There are a lot of documents that need to be signed to make a property purchase official and legally binding including; the transfer deed, the mortgage deed, the conveyancing certificate and title deeds.

  • One of the most important documents is the transfer deed, which transfers ownership of the property from the seller to the buyer. This document states that the property is being transferred from the seller to the buyer and includes all the relevant details such as the price, date of sale, and names of both parties. To be legally binding, the transfer deed must be witnessed by two independent adults and needs to be signed by both the buyer and seller.
  • Another important document is the mortgage deed which outlines the terms of the loan that the buyer is taking out to finance the purchase. This document outlines the terms of the mortgage, including the amount borrowed, interest rate, and repayment schedule and the mortgage deed also needs to be witnessed by two independent adults.
  • The conveyancing certificate, which is signed by the solicitor or conveyancer who carried out the legal work for the sale must be signed and witnessed too. This document confirms that all necessary checks have been carried out and that there are no outstanding issues with the property.
  • Finally, the seal on the title deeds must be witnessed by a solicitor or notary public. Once all of these documents have been witnessed and signed, the purchase of the property can complete.

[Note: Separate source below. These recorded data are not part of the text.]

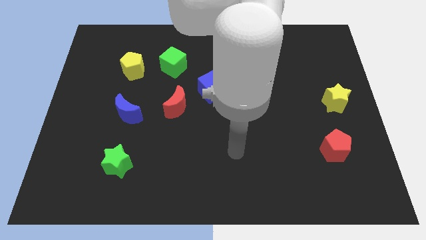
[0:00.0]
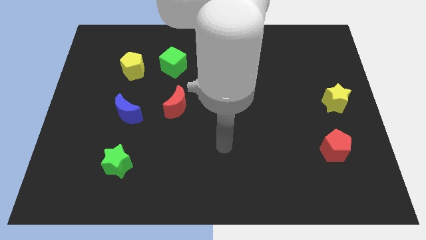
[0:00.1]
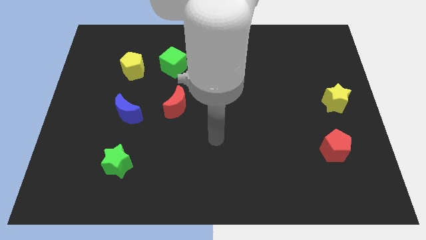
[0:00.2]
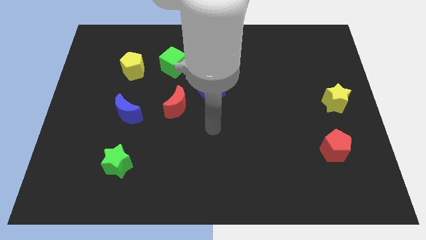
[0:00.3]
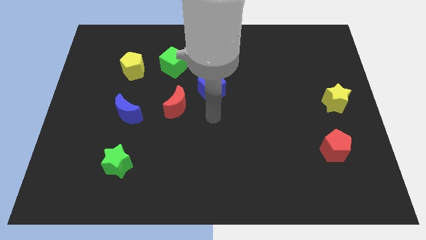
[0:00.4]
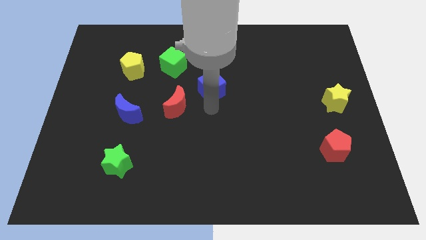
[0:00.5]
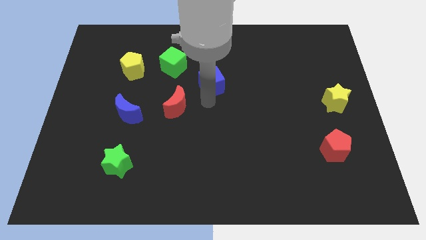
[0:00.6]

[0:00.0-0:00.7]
separate the red moon from the blue cube

You should always make sure that you have properly read and understood all of the terms and conditions of the mortgage agreement before you sign the Mortgage Deed.

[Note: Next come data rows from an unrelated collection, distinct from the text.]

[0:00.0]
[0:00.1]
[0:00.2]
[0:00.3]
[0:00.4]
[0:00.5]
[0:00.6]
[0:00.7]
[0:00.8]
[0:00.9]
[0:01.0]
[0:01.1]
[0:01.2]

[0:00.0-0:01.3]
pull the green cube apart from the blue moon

Mortgage Offer Vs Mortgage Deeds

There is so much terminology flying around during the process of buying a home that it can be easy to get terms confused. Two phrases which often get muddled up are mortgage offer and mortgage deed so let’s clarify the key difference between these two documents.

  • A mortgage offer is a document that sets out the terms and conditions of a mortgage loan. A mortgage offer will usually state the amount of the loan, the interest rate, the repayment period, and any other relevant terms and conditions.
  • A mortgage deed is a legal document that transfers the ownership of a property from the borrower to the lender. A mortgage deed will typically be signed by the borrower and witness and will be registered with the HM Land Registry.

While a mortgage offer is an important document, it is the mortgage deed that ultimately transfers ownership of the property. As such, it is essential to ensure that all the terms and conditions set out in the mortgage offer are accurately reflected in the mortgage deed.